Untuk kepala sekolah dan pengawas sekolah, artinya mungkin dianggap tidak bisa
‘mengatur’. Untuk kepala UPTD pendidikan, mungkin artinya tak jadi naik
jabatan. Dan seterusnya.
Tiap daerah berlomba dapat nilai
bagus. Sayangnya perlombaan itu tak ditemani pemerataan kualitas pendidikan.
Indikatornya dari ketidakmerataan fasilitas pendidikan dan kualitas guru.
Menteri pendidikan membuat perlombaan. Gubernur, bupati, dinas pendidikan,
semua ingin turut serta. Di bawahnya ingin terlihat menyumbang kemenangan.
Jalan pintas pun dipilih.
Tapi mau bilang apa? Mereka semua korban.
Korban dari mata rantai perlombaan tahunan yang ending-nya selalu menyedihkan.
Anak-anak itu butuh mental yang sehat, yang tak tercemari ajaran berbuat
curang. Guru-guru itu perlu kenyamanan dalam mengajar; kenyamanan finansial dan
kenyamanan intelektual (pengetahuan yang cukup, kapasitas mengajar yang baik).
Selanjutnya lupakan pengawas sekolah yang mencari aman atau kepala UPTD dan
kepala dinas pendidikan yang tak punya visi pendidikan yang kuat.

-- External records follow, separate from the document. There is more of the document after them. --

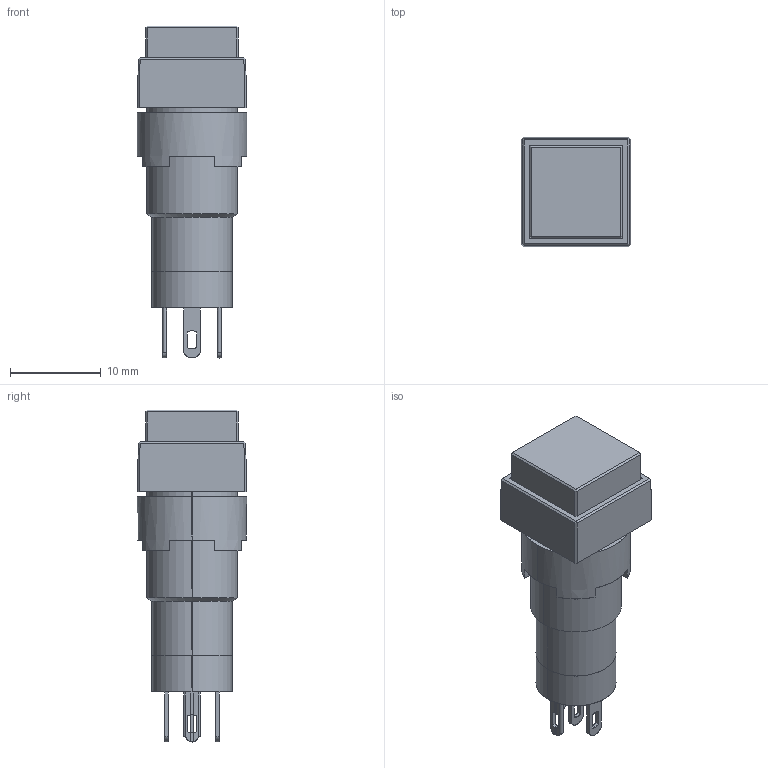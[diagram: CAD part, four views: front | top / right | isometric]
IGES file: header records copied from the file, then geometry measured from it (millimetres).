
Start section: SolidWorks IGES file using analytic representation for surfaces
Global section: file name: 02_AL1Q-[M][A]11$.IGS; native system: SolidWorks 2019; preprocessor: SolidWorks 2019; author: 1003660; date: 201023.170653; units: millimetre
Bounding box: 12 x 12 x 36.5 mm (x, y, z)
Surface area: 2106.1 mm2 (no closed solid volume)
Topology: 0 solids, 0 shells, 144 faces, 1142 edges, 1142 vertices
Faces by surface type: bspline 104, revolution 40

Niat baik Departemen Nasional untuk
memberikan standar tertentu kepada para siswa akhirnya mental oleh jajarannya
sendiri. Unsur kepedulian berkelindan dengan motivasi menyelamatkan nama
sekolah telah mengaburkan originalitas dan moralitas akademis. Contek-menyontek
merupakan persoalan klasik dalam dunia pendidikan kita. Bahkan sampai ke
perguruan tinggi-pun masih ada. Guru yang seharusnya menjadi gerbang utama
untuk membasmi penyakit kronis ini, jika sudah melegalkan upaya pemberian
jawaban saat UN, maka akan dikemanakan pendidikan kita? Untuk maju memang dibutuhkan tamparan. Kadang tingginya tingkat
kelulusan menjadi resiko sebuah perubahan. Ruh suatu bangsa terletak pada
standar pendidikan. Jika mau maju maka kita harus menaikan terus menerus
standar itu.
Satu hal yang luput dari perhatian
kita adalah sejak standarisasi UN diberlakukan, semua sekolah melakukan
pembenahan. Siswa-siswi tak lagi malas-malasan belajar. Semuanya berpacu dan
beberapa dari mereka melejit dengan raihan prestasi-prestasi nasional maupun
internasional dalam olimpiade-olimpiade yang dilakukan secara berkala. UN telah
mendorong sekolah-sekolah untuk memperbaiki diri dan beberapa tahun terakhir
berhasil menembus nilai teratas dalam UN.
Dilema UN memang telah menimbulkan
pro dan kontra. Di satu sisi semakin meningkatkan semangat para siswa untuk
belajar, tapi di sisi lain semakin memassifkan kecurangan. Semua pihak memiliki
argumen masing-masing yang cukup bisa diterima. Pihak yang pro beralasan dengan
peningkatan kualitas pendidikan nasional, sedangkan pihak yang kontra beralasan
dengan rasionalisasi pengabaian proses 3 tahun lewat ujian yang hanya beberapa
hari.
Berangkat
dari beberapa masalah di atas, sudah menjadi tugas dan tanggungjawab seluruh
masyarakat pada umumnya dan pemerintah khususnya agar masalah-masalah tersebut
tidak berkepanjangan. Perlu dilakukan identifikasi secara tajam dan mendalam,
sehingga persoalan-persoalan tersebut dapat diatasi dengan baik. Mutu dan kualitas
pendidikan pun dapat dijamin substansinya; inilah
negeri-ku, apakabar negeri-mu..? (Wallahu’alam)
0 comments:
Speak up your mind
Tell us what you're thinking... !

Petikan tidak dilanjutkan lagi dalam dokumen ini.